На рубрику «исторический роман» может претендовать великое множество произведений — не только разномастных и разностильных, но в самом существе своем — разножанровых. От «Подпоручика Киже» до «Фаворита», от «Путешествий дилетантов» и «Двух связок писем» до «Квентина Дорварда», от «Петра Первого» до любой малограмотной крайности, что называется, до последней черты. Характерно, однако, что почти все эти выходы на историю сопровождаются подразумеваемыми (а также открытыми) апелляциями к современности, намеками на ее злободневные печали и радости, попытками постичь настоящее через прошлое.

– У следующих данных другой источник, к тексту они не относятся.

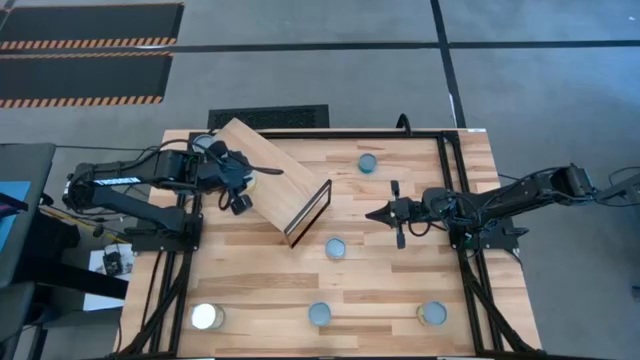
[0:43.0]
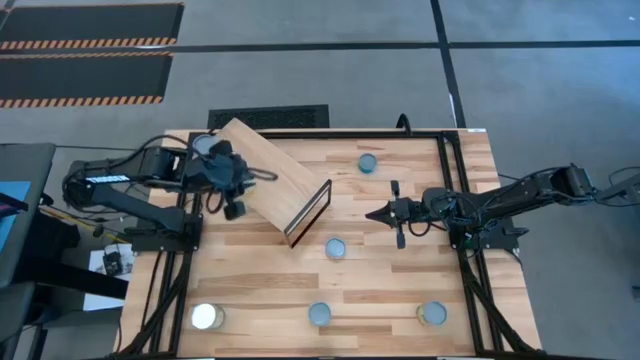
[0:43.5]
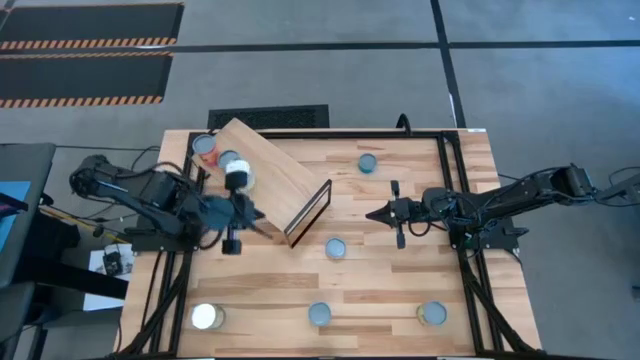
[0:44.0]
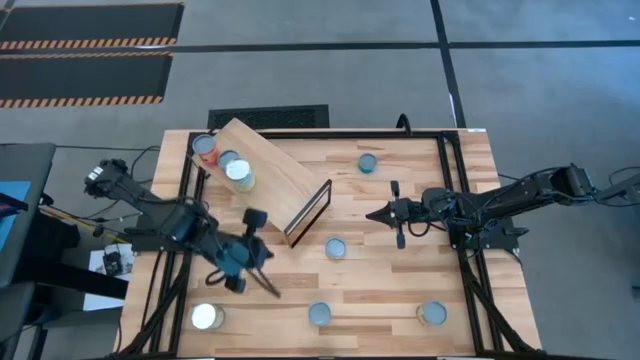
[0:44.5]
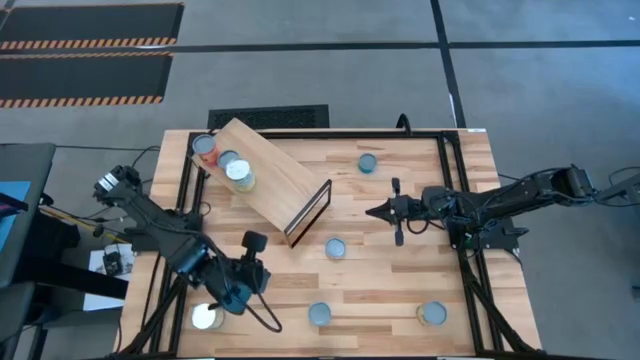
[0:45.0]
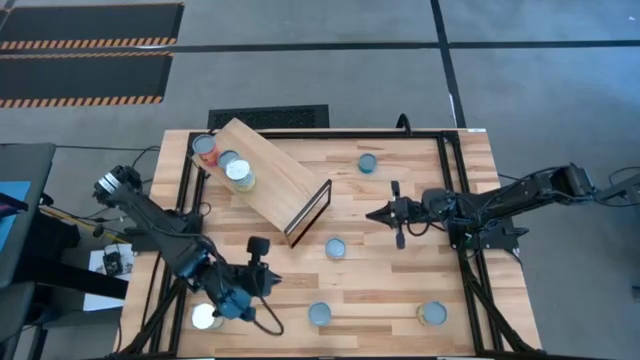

Уже в этой постановке вопроса наличествует элемент публицистичности настолько сильный, что в некоторых случаях он становится идейной доминантой. Но публицистика, не довольствуясь малым, рвется наружу: в авторские отступления, в монологи героев, в сюжетные приговоры второстепенным историческим персонажам, которые обретают на этом пути ореол глашатаев идеала или антиидеала. И вновь обрисовывается двучленная конструкция: публицистика, то есть мысль, плюс картина, — органические составные части художественного творения. Публицистика в данном контексте синоним тенденциозности, а тенденциозность использует в качестве основной технологической программы принцип иллюстрирования. «Хорошая» тенденциозность — не та, которую в сердцах клеймят: «Да это же иллюстративность!»
Генетические предпосылки симбиоза «мысль плюс картина» заложены еще античностью, а может быть, даже более ранними культурными формами, когда в устном народном творчестве формировались жанры первичного бытования — от мифа до заклинания и притчи. Притча и являет собой генотип, на основе которого становятся возможными иллюстративные соотношения последующей литературы, вплоть до современной.
Об иллюстративности как о принципе повествовательного искусства можно было бы сказать, перефразируя мысли М. Эпштейна об эссеистике: это и единство, и попытка соединения, но прежде всего это акт творения и обязательно сопутствующий ему акт называния. Человек создан — и создатель говорит: «Се — человек…» Не с восклицательным знаком, который здесь как бы напрашивается, а с многоточием — символом раздумья.
Вероятно, надо избегать оценочных моментов в этом разговоре об иллюстративности исторического романа (как и ранее, когда предметом дискуссии были сатирические жанры). Иначе на нас неизбежно хлынут негативные примеры, образцы той самой «плохой» иллюстративности, коя у всех у нас на виду и на слуху.
И, однако же, в любом случае надо помнить: романист, занявшийся историей, подобен сочинителю акростихов. Он бредет от одной заданной точки к другой, он должен «охватить» и ту начальную букву, и эту, он обязан отметиться и там, и там, и в аэропорту побывать, и на вокзале. Не такая уж завидная миссия.
На сей метафоре, как на некоем зеркальном феномене, отмечусь и я сам, чтоб признать закономерный характер некоторых препон, возникающих перед современным литератором.